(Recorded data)
===

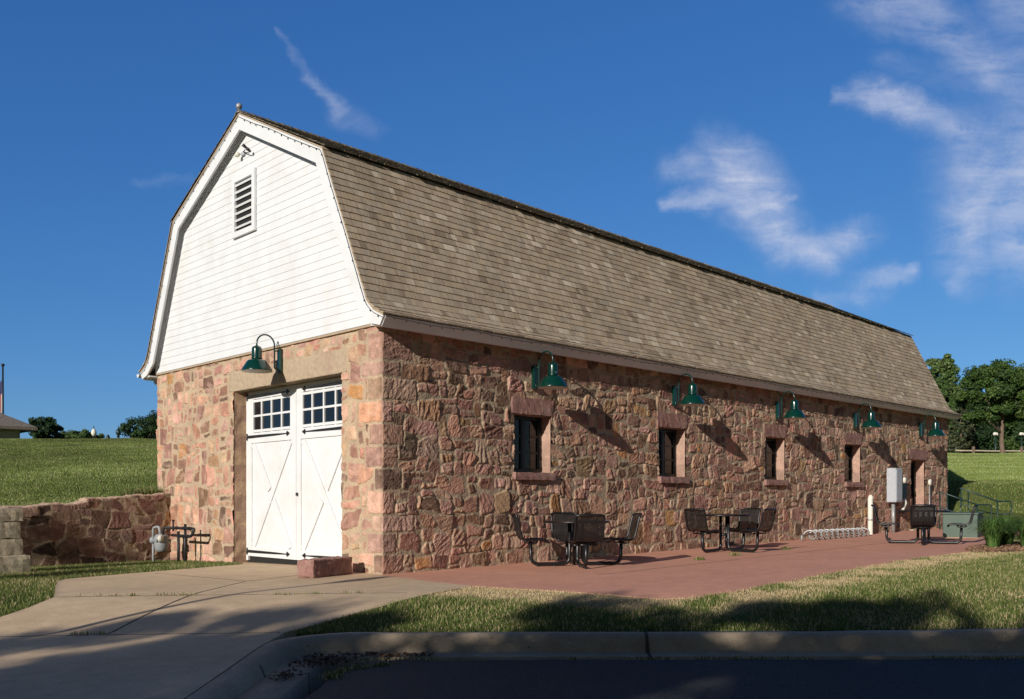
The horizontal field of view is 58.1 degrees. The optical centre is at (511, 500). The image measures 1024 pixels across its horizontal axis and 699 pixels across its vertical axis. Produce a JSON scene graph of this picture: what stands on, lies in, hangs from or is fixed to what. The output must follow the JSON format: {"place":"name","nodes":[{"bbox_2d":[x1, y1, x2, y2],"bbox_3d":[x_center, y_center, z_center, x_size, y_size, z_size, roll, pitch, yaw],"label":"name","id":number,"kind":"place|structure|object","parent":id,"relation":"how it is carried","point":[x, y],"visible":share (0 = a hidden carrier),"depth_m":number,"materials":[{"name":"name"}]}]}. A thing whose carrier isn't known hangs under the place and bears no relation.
{"place":"outdoors","nodes":[
{"label":"outdoors","id":0,"kind":"place"},
{"bbox_2d":[0,562,469,698],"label":"driveway","id":1,"kind":"structure","parent":0,"point":[220,620],"depth_m":9.07,"materials":[{"name":"concrete"}]},
{"bbox_2d":[297,556,351,577],"bbox_3d":[-2.648,0.949,13.100,0.322,0.279,0.901,0,0,29],"label":"stone block","id":2,"kind":"object","parent":1,"relation":"on","point":[323,567],"depth_m":12.88,"materials":[{"name":"stone"}]},
{"bbox_2d":[0,438,1023,679],"bbox_3d":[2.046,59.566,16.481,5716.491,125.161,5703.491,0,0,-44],"label":"ground","id":3,"kind":"structure","parent":0,"point":[986,508],"depth_m":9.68,"materials":[{"name":"green plant"}]},
{"bbox_2d":[1,363,4,413],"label":"flagpole","id":4,"kind":"object","parent":3,"relation":"on","point":[2,365],"visible":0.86,"depth_m":63.95,"materials":[{"name":"black metal"}]},
{"bbox_2d":[0,380,1,412],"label":"flag","id":5,"kind":"object","parent":4,"relation":"attached to","point":[1,396],"visible":0.98,"depth_m":64.03,"materials":[{"name":"fabric"}]},
{"bbox_2d":[0,508,30,573],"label":"stone pillar","id":6,"kind":"structure","parent":3,"relation":"on","point":[13,558],"depth_m":14.21,"materials":[{"name":"stone"}]},
{"bbox_2d":[0,413,37,438],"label":"pavilion","id":7,"kind":"structure","parent":3,"relation":"on","point":[11,427],"depth_m":49.62,"materials":[{"name":"stone"}]},
{"bbox_2d":[28,416,64,438],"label":"tree","id":8,"kind":"object","parent":3,"relation":"on","point":[48,427],"visible":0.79,"depth_m":61.68,"materials":[{"name":"green plant"}]},
{"bbox_2d":[60,429,105,438],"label":"tree","id":9,"kind":"object","parent":3,"relation":"on","point":[83,434],"visible":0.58,"depth_m":79.22,"materials":[{"name":"green plant"}]},
{"bbox_2d":[0,492,170,566],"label":"retaining wall","id":10,"kind":"structure","parent":3,"relation":"on","point":[91,530],"depth_m":17.36,"materials":[{"name":"stone"}]},
{"bbox_2d":[91,427,96,437],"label":"street lamp","id":11,"kind":"object","parent":3,"relation":"on","point":[93,432],"visible":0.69,"depth_m":55.91,"materials":[{"name":"glass"}]},
{"bbox_2d":[116,426,120,437],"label":"street lamp","id":12,"kind":"object","parent":3,"relation":"on","point":[118,432],"visible":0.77,"depth_m":59.91,"materials":[{"name":"black metal"}]},
{"bbox_2d":[119,410,157,438],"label":"tree","id":13,"kind":"object","parent":3,"relation":"on","point":[148,426],"visible":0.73,"depth_m":71.11,"materials":[{"name":"green plant"}]},
{"bbox_2d":[149,520,194,561],"bbox_3d":[-6.363,0.848,17.219,1.394,0.965,0.315,0,0,41],"label":"gas meter","id":14,"kind":"object","parent":3,"relation":"on","point":[160,541],"visible":0.98,"depth_m":17.32,"materials":[{"name":"paint"}]},
{"bbox_2d":[137,103,961,574],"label":"stone barn","id":15,"kind":"structure","parent":3,"relation":"on","point":[361,433],"depth_m":16.39,"materials":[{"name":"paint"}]},
{"bbox_2d":[140,117,237,374],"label":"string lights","id":16,"kind":"object","parent":15,"relation":"attached to","point":[171,234],"visible":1,"depth_m":17.83,"materials":[{"name":"black rubber"}]},
{"bbox_2d":[235,144,250,156],"bbox_3d":[-4.642,-6.055,15.979,0.143,0.183,0.476,0,0,-44],"label":"security light","id":17,"kind":"object","parent":15,"relation":"attached to","point":[238,154],"visible":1,"depth_m":16.06,"materials":[{"name":"grey metal"}]},
{"bbox_2d":[241,334,282,372],"bbox_3d":[-4.062,-2.408,15.021,0.669,0.629,0.492,0,0,-17],"label":"wall lamp","id":18,"kind":"object","parent":15,"relation":"attached to","point":[256,363],"visible":1,"depth_m":14.95,"materials":[{"name":"green metal"}]},
{"bbox_2d":[246,388,297,559],"bbox_3d":[-4.163,-0.452,16.023,0.095,2.905,1.744,0,0,-44],"label":"barn door","id":19,"kind":"structure","parent":15,"relation":"in","point":[272,494],"depth_m":16.03,"materials":[{"name":"white paint"}]},
{"bbox_2d":[238,116,381,316],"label":"string lights","id":20,"kind":"object","parent":15,"relation":"attached to","point":[333,198],"visible":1,"depth_m":13.84,"materials":[{"name":"black rubber"}]},
{"bbox_2d":[296,381,341,559],"bbox_3d":[-3.020,-0.452,14.861,0.078,2.905,1.661,0,0,-44],"label":"barn door","id":21,"kind":"structure","parent":15,"relation":"in","point":[318,448],"depth_m":14.98,"materials":[{"name":"white paint"}]},
{"bbox_2d":[511,396,555,480],"bbox_3d":[0.277,-1.027,15.575,1.026,1.397,0.372,0,0,-44],"label":"window","id":22,"kind":"structure","parent":15,"relation":"in","point":[528,434],"depth_m":15.66,"materials":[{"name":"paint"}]},
{"bbox_2d":[532,351,567,389],"bbox_3d":[0.649,-2.163,15.265,0.492,0.629,0.669,0,0,-17],"label":"wall lamp","id":23,"kind":"object","parent":15,"relation":"attached to","point":[552,380],"visible":1,"depth_m":15.14,"materials":[{"name":"green metal"}]},
{"bbox_2d":[657,412,689,483],"bbox_3d":[3.098,-1.026,18.325,1.031,1.393,0.368,0,0,-44],"label":"window","id":24,"kind":"structure","parent":15,"relation":"in","point":[667,441],"depth_m":18.43,"materials":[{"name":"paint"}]},
{"bbox_2d":[389,316,958,416],"bbox_3d":[5.924,-2.544,20.465,21.445,0.109,0.041,0,0,-44],"label":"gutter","id":25,"kind":"object","parent":15,"relation":"attached to","point":[655,364],"visible":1,"depth_m":17.25,"materials":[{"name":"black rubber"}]},
{"bbox_2d":[672,373,704,405],"bbox_3d":[3.478,-2.163,18.007,0.492,0.629,0.669,0,0,-17],"label":"wall lamp","id":26,"kind":"object","parent":15,"relation":"attached to","point":[692,398],"visible":1,"depth_m":17.87,"materials":[{"name":"green metal"}]},
{"bbox_2d":[763,424,788,485],"bbox_3d":[5.908,-1.028,21.064,1.011,1.394,0.373,0,0,-44],"label":"window","id":27,"kind":"structure","parent":15,"relation":"in","point":[775,431],"depth_m":21.19,"materials":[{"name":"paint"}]},
{"bbox_2d":[775,391,805,418],"bbox_3d":[6.300,-2.143,20.742,0.492,0.629,0.669,0,0,-17],"label":"wall lamp","id":28,"kind":"object","parent":15,"relation":"attached to","point":[794,412],"visible":1,"depth_m":20.61,"materials":[{"name":"green metal"}]},
{"bbox_2d":[844,433,863,487],"bbox_3d":[8.671,-1.025,23.751,1.034,1.394,0.380,0,0,-44],"label":"window","id":29,"kind":"structure","parent":15,"relation":"in","point":[853,438],"depth_m":23.92,"materials":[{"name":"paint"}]},
{"bbox_2d":[853,403,881,428],"bbox_3d":[9.065,-2.148,23.435,0.492,0.629,0.669,0,0,-17],"label":"wall lamp","id":30,"kind":"object","parent":15,"relation":"attached to","point":[871,422],"visible":1,"depth_m":23.30,"materials":[{"name":"green metal"}]},
{"bbox_2d":[887,468,906,532],"bbox_3d":[10.572,0.005,25.177,1.090,1.740,0.320,0,0,-44],"label":"electric service","id":31,"kind":"object","parent":15,"relation":"attached to","point":[896,486],"visible":0.98,"depth_m":24.84,"materials":[{"name":"grey metal"}]},
{"bbox_2d":[909,449,926,530],"bbox_3d":[11.570,-0.212,26.596,1.258,2.519,0.461,0,0,-44],"label":"door","id":32,"kind":"structure","parent":15,"relation":"in","point":[916,454],"depth_m":26.90,"materials":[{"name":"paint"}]},
{"bbox_2d":[928,479,931,503],"bbox_3d":[12.179,0.113,26.946,0.190,1.454,0.130,0,0,-44],"label":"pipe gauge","id":33,"kind":"object","parent":15,"relation":"attached to","point":[929,482],"visible":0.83,"depth_m":26.91,"materials":[{"name":"metal"}]},
{"bbox_2d":[919,415,944,436],"bbox_3d":[12.001,-2.128,26.282,0.492,0.629,0.669,0,0,-17],"label":"wall lamp","id":34,"kind":"object","parent":15,"relation":"attached to","point":[935,431],"visible":1,"depth_m":26.14,"materials":[{"name":"green metal"}]},
{"bbox_2d":[186,628,1023,698],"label":"kerb","id":35,"kind":"structure","parent":3,"relation":"on","point":[249,675],"depth_m":8.52,"materials":[{"name":"concrete"}]},
{"bbox_2d":[269,651,434,680],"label":"leaf litter","id":36,"kind":"object","parent":35,"relation":"on","point":[313,660],"visible":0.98,"depth_m":8.01,"materials":[{"name":"brown plant"}]},
{"bbox_2d":[925,353,966,447],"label":"tree","id":37,"kind":"object","parent":3,"relation":"on","point":[948,371],"visible":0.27,"depth_m":82.95,"materials":[{"name":"green plant"}]},
{"bbox_2d":[947,403,984,452],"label":"spruce","id":38,"kind":"object","parent":3,"relation":"on","point":[963,436],"visible":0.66,"depth_m":69.42,"materials":[{"name":"green plant"}]},
{"bbox_2d":[948,358,1023,452],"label":"tree","id":39,"kind":"object","parent":3,"relation":"on","point":[1001,397],"visible":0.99,"depth_m":60.37,"materials":[{"name":"green plant"}]},
{"bbox_2d":[955,446,1023,452],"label":"rail fence","id":40,"kind":"object","parent":3,"relation":"on","point":[973,450],"visible":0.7,"depth_m":61.47,"materials":[{"name":"wood"}]},
{"bbox_2d":[964,409,1015,452],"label":"tree","id":41,"kind":"object","parent":3,"relation":"on","point":[986,439],"visible":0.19,"depth_m":89.97,"materials":[{"name":"green plant"}]},
{"bbox_2d":[965,542,1023,552],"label":"mulch","id":42,"kind":"object","parent":3,"relation":"on","point":[1013,547],"visible":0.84,"depth_m":17.43,"materials":[{"name":"brown wood"}]},
{"bbox_2d":[966,516,1022,547],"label":"daylily","id":43,"kind":"object","parent":42,"relation":"on","point":[993,531],"visible":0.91,"depth_m":17.82,"materials":[{"name":"green plant"}]},
{"bbox_2d":[978,515,1023,544],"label":"daylily","id":44,"kind":"object","parent":42,"relation":"on","point":[1008,537],"visible":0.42,"depth_m":18.67,"materials":[{"name":"green plant"}]},
{"bbox_2d":[1005,518,1023,545],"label":"daylily","id":45,"kind":"object","parent":42,"relation":"on","point":[1019,529],"visible":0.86,"depth_m":18.10,"materials":[{"name":"green plant"}]},
{"bbox_2d":[993,432,997,452],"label":"street lamp","id":46,"kind":"object","parent":3,"relation":"on","point":[995,434],"visible":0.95,"depth_m":73.95,"materials":[{"name":"white glass"}]},
{"bbox_2d":[1004,402,1023,452],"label":"tree","id":47,"kind":"object","parent":3,"relation":"on","point":[1012,426],"visible":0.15,"depth_m":87.38,"materials":[{"name":"green plant"}]},
{"bbox_2d":[1010,421,1023,452],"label":"tree","id":48,"kind":"object","parent":3,"relation":"on","point":[1018,438],"visible":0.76,"depth_m":80.79,"materials":[{"name":"green plant"}]},
{"bbox_2d":[0,0,1023,438],"label":"sky","id":49,"kind":"structure","parent":0,"point":[862,158],"materials":[{"name":"blue"}]},
{"bbox_2d":[305,659,1023,698],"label":"road","id":50,"kind":"structure","parent":0,"point":[753,679],"depth_m":7.21,"materials":[{"name":"black asphalt"}]},
{"bbox_2d":[379,528,1018,598],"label":"patio","id":51,"kind":"structure","parent":0,"point":[680,574],"depth_m":14.02,"materials":[{"name":"red brick"}]},
{"bbox_2d":[510,512,641,567],"bbox_3d":[1.018,0.619,14.642,1.749,0.832,1.749,0,0,37],"label":"table set","id":52,"kind":"object","parent":51,"relation":"on","point":[574,539],"visible":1,"depth_m":14.54,"materials":[{"name":"black metal"}]},
{"bbox_2d":[684,508,776,552],"bbox_3d":[4.082,0.566,17.802,1.749,0.832,1.749,0,0,0],"label":"table set","id":53,"kind":"object","parent":51,"relation":"on","point":[695,524],"visible":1,"depth_m":17.34,"materials":[{"name":"black metal"}]},
{"bbox_2d":[801,527,869,540],"bbox_3d":[7.900,0.804,22.295,3.283,0.252,0.285,0,0,-44],"label":"bike rack","id":54,"kind":"object","parent":51,"relation":"on","point":[837,530],"visible":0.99,"depth_m":22.14,"materials":[{"name":"metal"}]},
{"bbox_2d":[867,495,872,533],"bbox_3d":[9.349,0.375,24.062,0.187,1.030,0.152,0,0,-44],"label":"pipe post","id":55,"kind":"object","parent":51,"relation":"on","point":[870,514],"visible":0.95,"depth_m":23.99,"materials":[{"name":"beige plastic"}]},
{"bbox_2d":[871,504,977,544],"bbox_3d":[8.784,0.508,19.702,1.769,0.832,1.739,0,0,-21],"label":"table set","id":56,"kind":"object","parent":51,"relation":"on","point":[921,522],"visible":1,"depth_m":19.25,"materials":[{"name":"black metal"}]},
{"bbox_2d":[942,512,983,537],"bbox_3d":[10.983,0.611,22.477,0.800,0.628,1.202,0,0,33],"label":"utility cabinet","id":57,"kind":"object","parent":51,"relation":"on","point":[952,531],"visible":0.8,"depth_m":22.07,"materials":[{"name":"green metal"}]},
{"bbox_2d":[938,491,991,528],"bbox_3d":[13.067,0.475,26.600,1.548,1.510,0.042,0,0,0],"label":"stair railing","id":58,"kind":"object","parent":51,"relation":"on","point":[960,499],"visible":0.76,"depth_m":26.58,"materials":[{"name":"metal"}]},
{"bbox_2d":[959,488,1011,518],"bbox_3d":[13.967,0.375,27.200,1.548,1.510,0.043,0,0,0],"label":"stair railing","id":59,"kind":"object","parent":51,"relation":"on","point":[968,506],"visible":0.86,"depth_m":27.18,"materials":[{"name":"metal"}]}
]}

===

What this task involves:
Looking at the data above, how many lines hold the string "outdoors"? Reply with only the number.

Task result:
2